The answer must consist of every line from the data that holds the string "task".

Source data
___

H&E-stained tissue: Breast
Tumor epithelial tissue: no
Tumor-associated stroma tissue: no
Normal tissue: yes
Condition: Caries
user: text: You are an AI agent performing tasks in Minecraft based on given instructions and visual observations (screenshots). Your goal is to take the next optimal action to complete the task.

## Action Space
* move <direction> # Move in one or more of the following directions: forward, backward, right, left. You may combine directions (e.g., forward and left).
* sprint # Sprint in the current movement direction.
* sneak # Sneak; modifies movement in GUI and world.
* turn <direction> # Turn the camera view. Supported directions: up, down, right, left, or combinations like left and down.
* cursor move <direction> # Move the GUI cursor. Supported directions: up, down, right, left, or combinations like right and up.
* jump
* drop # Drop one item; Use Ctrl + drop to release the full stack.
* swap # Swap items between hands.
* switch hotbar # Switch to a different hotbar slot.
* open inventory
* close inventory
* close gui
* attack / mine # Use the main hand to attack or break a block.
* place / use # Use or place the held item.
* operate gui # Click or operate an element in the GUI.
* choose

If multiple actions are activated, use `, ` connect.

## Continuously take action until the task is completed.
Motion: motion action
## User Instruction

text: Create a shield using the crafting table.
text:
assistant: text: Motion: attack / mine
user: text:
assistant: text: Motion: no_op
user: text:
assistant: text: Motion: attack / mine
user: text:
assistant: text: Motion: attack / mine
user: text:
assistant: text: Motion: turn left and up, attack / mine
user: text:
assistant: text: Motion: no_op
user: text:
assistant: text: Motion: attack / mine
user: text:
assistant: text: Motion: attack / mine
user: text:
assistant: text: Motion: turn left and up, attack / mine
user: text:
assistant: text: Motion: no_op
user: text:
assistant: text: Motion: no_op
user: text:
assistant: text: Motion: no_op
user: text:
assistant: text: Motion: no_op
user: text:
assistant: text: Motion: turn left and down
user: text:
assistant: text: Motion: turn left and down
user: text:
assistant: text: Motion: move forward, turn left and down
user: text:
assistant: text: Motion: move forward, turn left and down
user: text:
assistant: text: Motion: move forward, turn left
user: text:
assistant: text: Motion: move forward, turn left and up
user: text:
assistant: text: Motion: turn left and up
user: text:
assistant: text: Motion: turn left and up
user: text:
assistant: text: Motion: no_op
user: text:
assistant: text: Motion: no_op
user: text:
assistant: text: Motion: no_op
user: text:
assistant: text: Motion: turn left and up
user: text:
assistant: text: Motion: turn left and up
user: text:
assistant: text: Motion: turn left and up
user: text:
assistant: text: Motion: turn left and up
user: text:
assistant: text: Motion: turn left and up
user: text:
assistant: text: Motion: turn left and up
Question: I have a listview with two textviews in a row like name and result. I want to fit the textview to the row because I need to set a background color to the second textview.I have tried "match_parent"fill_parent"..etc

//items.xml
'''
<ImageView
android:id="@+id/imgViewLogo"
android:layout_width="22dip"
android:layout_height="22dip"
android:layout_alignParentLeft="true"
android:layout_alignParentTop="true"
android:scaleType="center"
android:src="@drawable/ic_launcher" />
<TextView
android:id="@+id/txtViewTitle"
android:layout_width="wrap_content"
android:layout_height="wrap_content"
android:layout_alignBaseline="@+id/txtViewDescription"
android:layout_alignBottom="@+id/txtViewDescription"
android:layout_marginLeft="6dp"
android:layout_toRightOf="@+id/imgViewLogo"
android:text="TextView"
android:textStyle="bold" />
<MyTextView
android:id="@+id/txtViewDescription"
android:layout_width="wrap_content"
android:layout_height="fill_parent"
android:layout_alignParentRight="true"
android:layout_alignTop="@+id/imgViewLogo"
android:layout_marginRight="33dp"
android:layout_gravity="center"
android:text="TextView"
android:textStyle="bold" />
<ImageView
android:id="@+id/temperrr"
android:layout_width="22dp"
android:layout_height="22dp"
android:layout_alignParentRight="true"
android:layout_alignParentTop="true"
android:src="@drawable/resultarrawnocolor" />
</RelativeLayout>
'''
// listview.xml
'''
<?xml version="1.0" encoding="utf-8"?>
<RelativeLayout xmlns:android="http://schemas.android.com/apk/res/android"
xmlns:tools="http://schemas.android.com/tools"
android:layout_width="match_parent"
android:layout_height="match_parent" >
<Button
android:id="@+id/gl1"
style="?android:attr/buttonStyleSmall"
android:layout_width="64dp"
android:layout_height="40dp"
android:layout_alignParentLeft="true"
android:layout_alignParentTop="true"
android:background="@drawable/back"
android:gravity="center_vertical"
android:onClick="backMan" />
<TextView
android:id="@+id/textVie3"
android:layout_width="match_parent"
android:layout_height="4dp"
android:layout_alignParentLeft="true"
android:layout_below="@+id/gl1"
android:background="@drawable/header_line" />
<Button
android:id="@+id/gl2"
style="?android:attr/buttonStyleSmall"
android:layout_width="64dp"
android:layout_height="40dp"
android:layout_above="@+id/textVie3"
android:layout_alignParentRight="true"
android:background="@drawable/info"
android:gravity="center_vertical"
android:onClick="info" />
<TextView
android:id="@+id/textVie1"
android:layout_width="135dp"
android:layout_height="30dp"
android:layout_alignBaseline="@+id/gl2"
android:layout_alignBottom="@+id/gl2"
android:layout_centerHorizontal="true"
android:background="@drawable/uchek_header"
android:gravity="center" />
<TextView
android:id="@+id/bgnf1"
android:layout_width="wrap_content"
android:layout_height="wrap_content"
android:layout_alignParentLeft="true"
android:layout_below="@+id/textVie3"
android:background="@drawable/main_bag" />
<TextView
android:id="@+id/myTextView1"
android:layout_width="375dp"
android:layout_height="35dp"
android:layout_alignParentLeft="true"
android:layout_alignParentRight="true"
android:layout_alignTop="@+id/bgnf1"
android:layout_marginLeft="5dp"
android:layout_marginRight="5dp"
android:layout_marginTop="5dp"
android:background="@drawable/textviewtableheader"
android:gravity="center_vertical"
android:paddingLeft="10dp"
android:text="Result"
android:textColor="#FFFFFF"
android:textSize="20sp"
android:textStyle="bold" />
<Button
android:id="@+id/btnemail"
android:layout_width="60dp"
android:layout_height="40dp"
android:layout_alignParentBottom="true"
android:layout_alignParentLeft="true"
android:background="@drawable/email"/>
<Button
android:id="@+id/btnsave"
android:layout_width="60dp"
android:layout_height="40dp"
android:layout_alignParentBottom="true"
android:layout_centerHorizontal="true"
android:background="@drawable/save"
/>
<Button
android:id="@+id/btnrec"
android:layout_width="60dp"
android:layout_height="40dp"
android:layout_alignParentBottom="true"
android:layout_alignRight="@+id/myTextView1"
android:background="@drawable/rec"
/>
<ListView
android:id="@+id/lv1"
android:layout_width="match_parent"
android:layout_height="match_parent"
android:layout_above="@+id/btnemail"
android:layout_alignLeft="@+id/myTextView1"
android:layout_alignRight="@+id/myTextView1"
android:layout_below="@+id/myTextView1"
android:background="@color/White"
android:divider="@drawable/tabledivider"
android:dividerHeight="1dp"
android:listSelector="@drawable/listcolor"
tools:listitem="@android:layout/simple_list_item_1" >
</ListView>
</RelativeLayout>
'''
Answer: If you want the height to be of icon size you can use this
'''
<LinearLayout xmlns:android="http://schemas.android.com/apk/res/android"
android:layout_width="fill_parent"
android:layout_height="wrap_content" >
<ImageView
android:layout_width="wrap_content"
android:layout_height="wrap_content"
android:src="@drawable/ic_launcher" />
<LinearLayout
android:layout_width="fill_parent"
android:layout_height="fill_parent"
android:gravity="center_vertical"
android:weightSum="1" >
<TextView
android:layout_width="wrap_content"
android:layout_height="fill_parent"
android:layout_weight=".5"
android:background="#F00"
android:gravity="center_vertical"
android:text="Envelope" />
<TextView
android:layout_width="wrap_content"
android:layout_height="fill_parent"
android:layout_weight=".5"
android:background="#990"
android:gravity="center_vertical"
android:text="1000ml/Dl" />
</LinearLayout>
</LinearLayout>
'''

___

● Answer space
user: text: You are an AI agent performing tasks in Minecraft based on given instructions and visual observations (screenshots). Your goal is to take the next optimal action to complete the task.
## Continuously take action until the task is completed.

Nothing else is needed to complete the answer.